### TASK REQUIREMENTS:
Of the entries below, restate word for word only the section that runs from the line with "L 291.238 489.372" to the line with "Q 97.087 745.059, 99.407 747.939", counting both ends.

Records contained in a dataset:
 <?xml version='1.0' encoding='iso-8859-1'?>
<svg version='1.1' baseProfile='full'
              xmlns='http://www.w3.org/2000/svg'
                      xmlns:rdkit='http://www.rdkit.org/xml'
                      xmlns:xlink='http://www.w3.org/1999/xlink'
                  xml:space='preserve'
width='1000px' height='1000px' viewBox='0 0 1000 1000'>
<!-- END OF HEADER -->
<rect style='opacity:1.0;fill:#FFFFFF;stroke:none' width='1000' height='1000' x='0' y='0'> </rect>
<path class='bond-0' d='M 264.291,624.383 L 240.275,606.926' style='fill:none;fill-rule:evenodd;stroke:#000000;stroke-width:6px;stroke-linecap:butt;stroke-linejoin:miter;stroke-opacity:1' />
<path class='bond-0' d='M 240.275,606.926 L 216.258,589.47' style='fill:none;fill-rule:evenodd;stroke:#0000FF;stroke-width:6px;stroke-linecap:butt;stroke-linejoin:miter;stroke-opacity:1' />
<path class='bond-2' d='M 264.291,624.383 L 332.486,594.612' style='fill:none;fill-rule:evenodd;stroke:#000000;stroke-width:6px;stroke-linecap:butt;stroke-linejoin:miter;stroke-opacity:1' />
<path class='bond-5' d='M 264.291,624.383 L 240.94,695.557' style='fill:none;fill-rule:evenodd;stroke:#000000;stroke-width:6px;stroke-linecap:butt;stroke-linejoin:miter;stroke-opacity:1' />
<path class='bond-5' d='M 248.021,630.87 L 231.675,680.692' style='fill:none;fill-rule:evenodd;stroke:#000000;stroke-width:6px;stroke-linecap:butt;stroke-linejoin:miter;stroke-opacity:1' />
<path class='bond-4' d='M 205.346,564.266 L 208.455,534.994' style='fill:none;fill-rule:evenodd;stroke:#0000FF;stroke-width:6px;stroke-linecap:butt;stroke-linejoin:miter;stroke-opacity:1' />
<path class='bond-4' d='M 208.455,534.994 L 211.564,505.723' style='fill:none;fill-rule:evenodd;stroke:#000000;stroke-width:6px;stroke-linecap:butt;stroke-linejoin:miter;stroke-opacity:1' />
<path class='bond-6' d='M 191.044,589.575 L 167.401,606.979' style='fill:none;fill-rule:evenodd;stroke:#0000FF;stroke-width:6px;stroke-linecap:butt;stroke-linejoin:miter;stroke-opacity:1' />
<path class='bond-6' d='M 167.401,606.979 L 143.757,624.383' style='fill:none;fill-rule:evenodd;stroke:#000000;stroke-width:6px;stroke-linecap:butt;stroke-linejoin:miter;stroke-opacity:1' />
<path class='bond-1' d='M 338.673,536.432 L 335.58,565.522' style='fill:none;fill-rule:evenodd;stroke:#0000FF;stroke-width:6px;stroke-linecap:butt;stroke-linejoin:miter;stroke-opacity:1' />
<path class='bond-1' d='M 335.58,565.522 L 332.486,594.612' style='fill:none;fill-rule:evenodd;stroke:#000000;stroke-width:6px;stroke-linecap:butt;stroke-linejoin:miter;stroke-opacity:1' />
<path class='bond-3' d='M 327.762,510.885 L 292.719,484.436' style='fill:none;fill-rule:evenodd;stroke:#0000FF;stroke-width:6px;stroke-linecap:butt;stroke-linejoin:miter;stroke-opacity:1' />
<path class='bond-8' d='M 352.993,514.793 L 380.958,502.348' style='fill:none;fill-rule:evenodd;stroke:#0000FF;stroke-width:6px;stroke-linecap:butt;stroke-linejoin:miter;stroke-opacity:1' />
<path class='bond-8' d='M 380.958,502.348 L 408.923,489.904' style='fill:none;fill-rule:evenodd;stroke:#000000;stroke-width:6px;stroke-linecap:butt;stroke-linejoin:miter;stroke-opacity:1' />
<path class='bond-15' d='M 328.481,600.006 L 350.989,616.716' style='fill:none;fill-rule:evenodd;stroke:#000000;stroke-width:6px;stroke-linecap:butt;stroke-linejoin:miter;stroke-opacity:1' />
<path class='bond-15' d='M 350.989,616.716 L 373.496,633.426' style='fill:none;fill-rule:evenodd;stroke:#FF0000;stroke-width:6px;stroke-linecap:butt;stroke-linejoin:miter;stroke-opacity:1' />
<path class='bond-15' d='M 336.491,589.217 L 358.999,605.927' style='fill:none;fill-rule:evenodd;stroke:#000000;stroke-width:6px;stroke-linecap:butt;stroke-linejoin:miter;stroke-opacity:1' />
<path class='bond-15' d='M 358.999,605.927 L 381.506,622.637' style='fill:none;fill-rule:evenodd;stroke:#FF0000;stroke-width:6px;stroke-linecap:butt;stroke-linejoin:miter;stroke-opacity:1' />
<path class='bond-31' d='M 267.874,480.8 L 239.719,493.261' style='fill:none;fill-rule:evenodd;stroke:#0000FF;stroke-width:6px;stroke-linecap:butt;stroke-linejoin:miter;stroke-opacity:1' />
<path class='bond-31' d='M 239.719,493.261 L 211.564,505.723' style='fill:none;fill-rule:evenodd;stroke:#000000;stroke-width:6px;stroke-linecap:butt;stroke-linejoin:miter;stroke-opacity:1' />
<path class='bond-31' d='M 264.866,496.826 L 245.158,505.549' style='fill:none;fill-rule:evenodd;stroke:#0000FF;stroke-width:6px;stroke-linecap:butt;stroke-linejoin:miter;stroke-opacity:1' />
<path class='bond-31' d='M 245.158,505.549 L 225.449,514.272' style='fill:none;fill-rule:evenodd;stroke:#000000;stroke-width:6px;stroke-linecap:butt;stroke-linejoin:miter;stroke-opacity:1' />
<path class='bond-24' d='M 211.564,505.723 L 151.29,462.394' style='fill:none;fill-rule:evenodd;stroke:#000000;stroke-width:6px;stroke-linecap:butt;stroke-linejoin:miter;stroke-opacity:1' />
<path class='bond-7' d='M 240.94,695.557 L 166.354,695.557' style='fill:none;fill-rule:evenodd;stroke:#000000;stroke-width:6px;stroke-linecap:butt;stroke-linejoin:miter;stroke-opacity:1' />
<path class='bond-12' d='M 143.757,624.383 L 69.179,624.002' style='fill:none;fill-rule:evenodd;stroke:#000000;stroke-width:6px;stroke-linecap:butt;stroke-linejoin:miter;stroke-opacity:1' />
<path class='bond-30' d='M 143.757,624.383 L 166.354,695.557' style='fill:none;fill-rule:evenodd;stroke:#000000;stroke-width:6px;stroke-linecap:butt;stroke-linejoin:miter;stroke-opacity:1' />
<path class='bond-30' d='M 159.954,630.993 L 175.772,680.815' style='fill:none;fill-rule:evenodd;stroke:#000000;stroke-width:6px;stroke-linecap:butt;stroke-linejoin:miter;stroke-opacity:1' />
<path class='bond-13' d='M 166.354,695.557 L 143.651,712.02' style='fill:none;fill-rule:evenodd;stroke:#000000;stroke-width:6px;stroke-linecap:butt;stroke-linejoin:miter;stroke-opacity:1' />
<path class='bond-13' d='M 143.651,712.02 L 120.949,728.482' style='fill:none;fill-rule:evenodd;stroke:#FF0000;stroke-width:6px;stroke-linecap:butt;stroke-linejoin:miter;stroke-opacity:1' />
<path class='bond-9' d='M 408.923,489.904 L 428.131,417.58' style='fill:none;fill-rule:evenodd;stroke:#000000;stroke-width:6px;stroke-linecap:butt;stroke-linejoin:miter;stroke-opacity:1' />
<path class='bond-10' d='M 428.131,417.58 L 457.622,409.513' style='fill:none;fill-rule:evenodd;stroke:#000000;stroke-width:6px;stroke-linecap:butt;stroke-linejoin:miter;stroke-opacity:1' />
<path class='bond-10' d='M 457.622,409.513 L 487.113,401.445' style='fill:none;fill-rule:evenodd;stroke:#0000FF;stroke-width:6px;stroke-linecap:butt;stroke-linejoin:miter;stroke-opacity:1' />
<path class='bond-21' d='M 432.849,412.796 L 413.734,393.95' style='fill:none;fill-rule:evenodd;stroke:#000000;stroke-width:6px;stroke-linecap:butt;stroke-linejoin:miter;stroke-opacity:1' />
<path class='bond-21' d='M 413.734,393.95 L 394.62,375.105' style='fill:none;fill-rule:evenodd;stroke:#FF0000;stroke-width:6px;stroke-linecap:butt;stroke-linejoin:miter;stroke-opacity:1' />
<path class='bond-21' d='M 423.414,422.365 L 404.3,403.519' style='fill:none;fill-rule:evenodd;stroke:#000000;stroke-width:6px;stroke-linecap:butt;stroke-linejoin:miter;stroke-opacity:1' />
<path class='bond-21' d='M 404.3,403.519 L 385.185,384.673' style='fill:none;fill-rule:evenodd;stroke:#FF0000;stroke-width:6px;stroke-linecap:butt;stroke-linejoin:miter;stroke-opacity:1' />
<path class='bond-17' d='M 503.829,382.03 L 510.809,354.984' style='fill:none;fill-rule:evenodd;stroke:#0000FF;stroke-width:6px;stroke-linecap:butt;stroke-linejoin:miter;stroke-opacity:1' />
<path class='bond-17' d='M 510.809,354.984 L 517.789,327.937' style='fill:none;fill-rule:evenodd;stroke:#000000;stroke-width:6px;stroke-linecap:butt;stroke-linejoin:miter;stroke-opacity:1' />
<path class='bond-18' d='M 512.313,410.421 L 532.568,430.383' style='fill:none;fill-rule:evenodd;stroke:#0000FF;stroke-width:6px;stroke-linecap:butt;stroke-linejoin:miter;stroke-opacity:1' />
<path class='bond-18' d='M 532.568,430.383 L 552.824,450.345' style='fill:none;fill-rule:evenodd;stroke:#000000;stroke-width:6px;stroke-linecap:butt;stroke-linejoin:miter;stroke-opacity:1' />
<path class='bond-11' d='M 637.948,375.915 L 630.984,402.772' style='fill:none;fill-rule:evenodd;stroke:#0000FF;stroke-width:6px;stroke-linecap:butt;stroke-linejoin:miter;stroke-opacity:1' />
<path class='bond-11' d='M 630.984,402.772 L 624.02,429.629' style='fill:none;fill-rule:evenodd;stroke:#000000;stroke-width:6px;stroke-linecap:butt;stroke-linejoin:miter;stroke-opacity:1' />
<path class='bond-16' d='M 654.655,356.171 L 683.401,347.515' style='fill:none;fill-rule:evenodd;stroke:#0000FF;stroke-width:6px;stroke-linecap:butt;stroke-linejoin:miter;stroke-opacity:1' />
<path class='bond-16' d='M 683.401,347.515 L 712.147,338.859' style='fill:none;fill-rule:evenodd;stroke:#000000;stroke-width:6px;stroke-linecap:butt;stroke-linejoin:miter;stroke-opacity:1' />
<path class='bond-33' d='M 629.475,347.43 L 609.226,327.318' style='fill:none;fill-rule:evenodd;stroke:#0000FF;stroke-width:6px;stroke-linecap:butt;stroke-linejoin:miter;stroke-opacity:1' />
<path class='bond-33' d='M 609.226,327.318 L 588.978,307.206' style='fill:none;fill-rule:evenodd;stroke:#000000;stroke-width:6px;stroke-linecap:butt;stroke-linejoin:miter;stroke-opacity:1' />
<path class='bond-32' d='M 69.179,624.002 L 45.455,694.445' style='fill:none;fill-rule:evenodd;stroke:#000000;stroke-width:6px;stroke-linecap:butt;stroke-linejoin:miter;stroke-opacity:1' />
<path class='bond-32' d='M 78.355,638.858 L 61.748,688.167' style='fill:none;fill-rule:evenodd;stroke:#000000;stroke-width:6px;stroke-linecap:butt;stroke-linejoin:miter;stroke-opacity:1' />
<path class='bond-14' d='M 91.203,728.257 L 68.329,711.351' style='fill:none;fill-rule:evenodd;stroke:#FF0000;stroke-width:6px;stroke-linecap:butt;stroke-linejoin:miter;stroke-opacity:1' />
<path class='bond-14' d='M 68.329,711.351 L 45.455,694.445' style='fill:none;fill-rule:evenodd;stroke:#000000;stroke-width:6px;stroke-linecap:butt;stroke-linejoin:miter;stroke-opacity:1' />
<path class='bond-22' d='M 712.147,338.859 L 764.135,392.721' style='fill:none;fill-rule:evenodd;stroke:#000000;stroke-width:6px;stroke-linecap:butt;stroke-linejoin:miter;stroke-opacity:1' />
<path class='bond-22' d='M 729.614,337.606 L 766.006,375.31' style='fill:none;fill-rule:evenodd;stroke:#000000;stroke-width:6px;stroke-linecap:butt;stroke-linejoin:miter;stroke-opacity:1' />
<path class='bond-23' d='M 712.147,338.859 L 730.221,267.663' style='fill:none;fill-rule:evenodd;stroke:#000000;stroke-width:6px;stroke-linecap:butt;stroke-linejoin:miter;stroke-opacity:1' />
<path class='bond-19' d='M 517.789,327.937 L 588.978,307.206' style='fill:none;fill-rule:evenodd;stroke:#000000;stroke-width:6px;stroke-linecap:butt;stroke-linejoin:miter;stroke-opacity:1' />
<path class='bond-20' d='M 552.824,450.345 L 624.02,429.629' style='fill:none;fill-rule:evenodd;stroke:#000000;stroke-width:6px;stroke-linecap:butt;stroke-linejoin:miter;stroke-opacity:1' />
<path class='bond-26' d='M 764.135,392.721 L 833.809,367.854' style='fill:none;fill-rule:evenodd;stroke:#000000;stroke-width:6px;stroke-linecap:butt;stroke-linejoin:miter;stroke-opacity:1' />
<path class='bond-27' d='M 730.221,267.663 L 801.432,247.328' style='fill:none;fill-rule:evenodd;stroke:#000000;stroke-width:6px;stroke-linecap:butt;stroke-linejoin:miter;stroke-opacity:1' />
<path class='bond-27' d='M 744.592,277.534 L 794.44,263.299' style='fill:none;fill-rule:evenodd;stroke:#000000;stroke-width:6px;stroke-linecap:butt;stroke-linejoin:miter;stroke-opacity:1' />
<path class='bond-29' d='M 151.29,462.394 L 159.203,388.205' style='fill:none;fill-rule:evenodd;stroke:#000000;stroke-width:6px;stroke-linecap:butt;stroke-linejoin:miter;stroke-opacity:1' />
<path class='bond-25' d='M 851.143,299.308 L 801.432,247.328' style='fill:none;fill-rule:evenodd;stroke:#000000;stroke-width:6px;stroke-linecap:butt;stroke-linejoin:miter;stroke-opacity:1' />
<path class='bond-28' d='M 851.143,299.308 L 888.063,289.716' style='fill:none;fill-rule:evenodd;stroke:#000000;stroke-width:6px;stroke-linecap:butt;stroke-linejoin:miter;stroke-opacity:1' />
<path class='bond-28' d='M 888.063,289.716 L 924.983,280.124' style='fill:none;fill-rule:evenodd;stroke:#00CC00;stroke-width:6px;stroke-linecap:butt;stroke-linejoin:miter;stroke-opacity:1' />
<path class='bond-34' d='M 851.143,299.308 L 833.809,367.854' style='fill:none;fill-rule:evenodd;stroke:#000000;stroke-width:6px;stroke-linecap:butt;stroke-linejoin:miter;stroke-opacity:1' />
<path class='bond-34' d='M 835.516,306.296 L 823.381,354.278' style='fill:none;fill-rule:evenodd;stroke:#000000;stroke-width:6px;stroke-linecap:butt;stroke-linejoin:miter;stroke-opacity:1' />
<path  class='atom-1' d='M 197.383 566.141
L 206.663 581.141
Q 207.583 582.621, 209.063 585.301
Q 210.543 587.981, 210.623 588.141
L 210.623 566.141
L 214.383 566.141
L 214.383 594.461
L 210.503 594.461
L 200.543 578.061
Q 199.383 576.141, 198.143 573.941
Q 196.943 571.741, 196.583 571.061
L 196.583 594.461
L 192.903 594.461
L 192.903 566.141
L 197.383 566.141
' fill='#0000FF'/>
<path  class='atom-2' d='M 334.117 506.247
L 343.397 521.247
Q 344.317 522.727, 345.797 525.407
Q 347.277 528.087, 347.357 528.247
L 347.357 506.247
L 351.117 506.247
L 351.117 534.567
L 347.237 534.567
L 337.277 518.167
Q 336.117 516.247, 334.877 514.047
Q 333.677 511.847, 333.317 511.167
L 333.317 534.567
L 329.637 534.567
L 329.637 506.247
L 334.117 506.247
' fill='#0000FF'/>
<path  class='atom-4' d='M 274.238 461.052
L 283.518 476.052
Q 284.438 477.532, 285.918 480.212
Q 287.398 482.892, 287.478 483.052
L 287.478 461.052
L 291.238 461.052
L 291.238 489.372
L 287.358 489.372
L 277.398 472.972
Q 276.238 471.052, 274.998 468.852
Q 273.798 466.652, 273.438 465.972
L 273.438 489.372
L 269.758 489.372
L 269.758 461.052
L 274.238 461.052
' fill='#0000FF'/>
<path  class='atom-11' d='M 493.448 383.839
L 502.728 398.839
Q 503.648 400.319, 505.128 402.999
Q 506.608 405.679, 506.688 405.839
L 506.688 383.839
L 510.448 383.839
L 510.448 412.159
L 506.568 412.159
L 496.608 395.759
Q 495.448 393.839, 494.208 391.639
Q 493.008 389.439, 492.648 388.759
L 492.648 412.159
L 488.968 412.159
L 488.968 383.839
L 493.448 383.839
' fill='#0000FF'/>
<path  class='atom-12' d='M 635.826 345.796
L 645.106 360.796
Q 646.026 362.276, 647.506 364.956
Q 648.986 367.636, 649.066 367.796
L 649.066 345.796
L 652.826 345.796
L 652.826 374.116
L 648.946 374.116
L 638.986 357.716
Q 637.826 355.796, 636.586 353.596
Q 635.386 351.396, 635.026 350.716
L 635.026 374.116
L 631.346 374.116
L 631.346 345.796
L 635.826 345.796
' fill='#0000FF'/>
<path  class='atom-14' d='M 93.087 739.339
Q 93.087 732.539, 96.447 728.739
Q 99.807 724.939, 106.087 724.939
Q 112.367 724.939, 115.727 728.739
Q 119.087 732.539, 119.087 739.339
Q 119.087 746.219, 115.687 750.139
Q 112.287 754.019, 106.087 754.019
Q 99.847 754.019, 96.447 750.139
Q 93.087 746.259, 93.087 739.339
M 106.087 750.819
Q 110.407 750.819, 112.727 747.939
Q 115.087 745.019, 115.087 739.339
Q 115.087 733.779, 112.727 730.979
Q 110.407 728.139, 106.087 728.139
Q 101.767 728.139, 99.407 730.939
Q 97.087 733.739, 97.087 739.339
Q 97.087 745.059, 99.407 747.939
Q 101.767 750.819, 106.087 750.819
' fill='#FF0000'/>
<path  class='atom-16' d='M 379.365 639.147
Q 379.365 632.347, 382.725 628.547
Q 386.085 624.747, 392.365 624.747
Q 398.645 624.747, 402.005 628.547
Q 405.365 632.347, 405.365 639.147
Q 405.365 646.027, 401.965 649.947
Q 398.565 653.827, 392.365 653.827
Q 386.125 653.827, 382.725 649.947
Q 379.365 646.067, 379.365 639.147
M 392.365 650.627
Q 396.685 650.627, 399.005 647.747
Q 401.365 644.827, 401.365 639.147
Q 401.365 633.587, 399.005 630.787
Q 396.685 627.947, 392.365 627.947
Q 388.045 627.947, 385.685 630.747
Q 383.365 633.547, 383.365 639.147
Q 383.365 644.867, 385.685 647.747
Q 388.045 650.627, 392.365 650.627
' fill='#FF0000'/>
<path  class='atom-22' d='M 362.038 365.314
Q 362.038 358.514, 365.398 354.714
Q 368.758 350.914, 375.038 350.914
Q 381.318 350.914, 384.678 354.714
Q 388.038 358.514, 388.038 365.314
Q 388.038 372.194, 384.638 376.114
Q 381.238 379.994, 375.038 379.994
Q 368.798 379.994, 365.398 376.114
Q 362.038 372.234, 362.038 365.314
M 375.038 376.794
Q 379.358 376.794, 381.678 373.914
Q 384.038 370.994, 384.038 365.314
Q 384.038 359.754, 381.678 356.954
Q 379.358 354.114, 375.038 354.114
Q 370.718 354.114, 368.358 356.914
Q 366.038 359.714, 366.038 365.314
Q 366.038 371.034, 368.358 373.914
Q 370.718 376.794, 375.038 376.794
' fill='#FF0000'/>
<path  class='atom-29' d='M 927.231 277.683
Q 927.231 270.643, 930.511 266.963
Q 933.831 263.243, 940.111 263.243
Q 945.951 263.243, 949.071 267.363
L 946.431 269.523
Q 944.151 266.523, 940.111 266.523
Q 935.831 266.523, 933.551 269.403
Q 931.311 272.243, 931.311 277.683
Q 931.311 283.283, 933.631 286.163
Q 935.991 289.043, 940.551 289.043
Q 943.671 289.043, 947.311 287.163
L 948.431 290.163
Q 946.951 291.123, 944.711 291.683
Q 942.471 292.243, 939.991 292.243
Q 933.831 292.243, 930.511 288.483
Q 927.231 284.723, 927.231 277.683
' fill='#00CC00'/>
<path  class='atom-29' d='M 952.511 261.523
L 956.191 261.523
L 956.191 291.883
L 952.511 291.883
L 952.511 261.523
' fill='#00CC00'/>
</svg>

### OUTPUT OF THE EXERCISE:
L 291.238 489.372
L 287.358 489.372
L 277.398 472.972
Q 276.238 471.052, 274.998 468.852
Q 273.798 466.652, 273.438 465.972
L 273.438 489.372
L 269.758 489.372
L 269.758 461.052
L 274.238 461.052
' fill='#0000FF'/>
<path  class='atom-11' d='M 493.448 383.839
L 502.728 398.839
Q 503.648 400.319, 505.128 402.999
Q 506.608 405.679, 506.688 405.839
L 506.688 383.839
L 510.448 383.839
L 510.448 412.159
L 506.568 412.159
L 496.608 395.759
Q 495.448 393.839, 494.208 391.639
Q 493.008 389.439, 492.648 388.759
L 492.648 412.159
L 488.968 412.159
L 488.968 383.839
L 493.448 383.839
' fill='#0000FF'/>
<path  class='atom-12' d='M 635.826 345.796
L 645.106 360.796
Q 646.026 362.276, 647.506 364.956
Q 648.986 367.636, 649.066 367.796
L 649.066 345.796
L 652.826 345.796
L 652.826 374.116
L 648.946 374.116
L 638.986 357.716
Q 637.826 355.796, 636.586 353.596
Q 635.386 351.396, 635.026 350.716
L 635.026 374.116
L 631.346 374.116
L 631.346 345.796
L 635.826 345.796
' fill='#0000FF'/>
<path  class='atom-14' d='M 93.087 739.339
Q 93.087 732.539, 96.447 728.739
Q 99.807 724.939, 106.087 724.939
Q 112.367 724.939, 115.727 728.739
Q 119.087 732.539, 119.087 739.339
Q 119.087 746.219, 115.687 750.139
Q 112.287 754.019, 106.087 754.019
Q 99.847 754.019, 96.447 750.139
Q 93.087 746.259, 93.087 739.339
M 106.087 750.819
Q 110.407 750.819, 112.727 747.939
Q 115.087 745.019, 115.087 739.339
Q 115.087 733.779, 112.727 730.979
Q 110.407 728.139, 106.087 728.139
Q 101.767 728.139, 99.407 730.939
Q 97.087 733.739, 97.087 739.339
Q 97.087 745.059, 99.407 747.939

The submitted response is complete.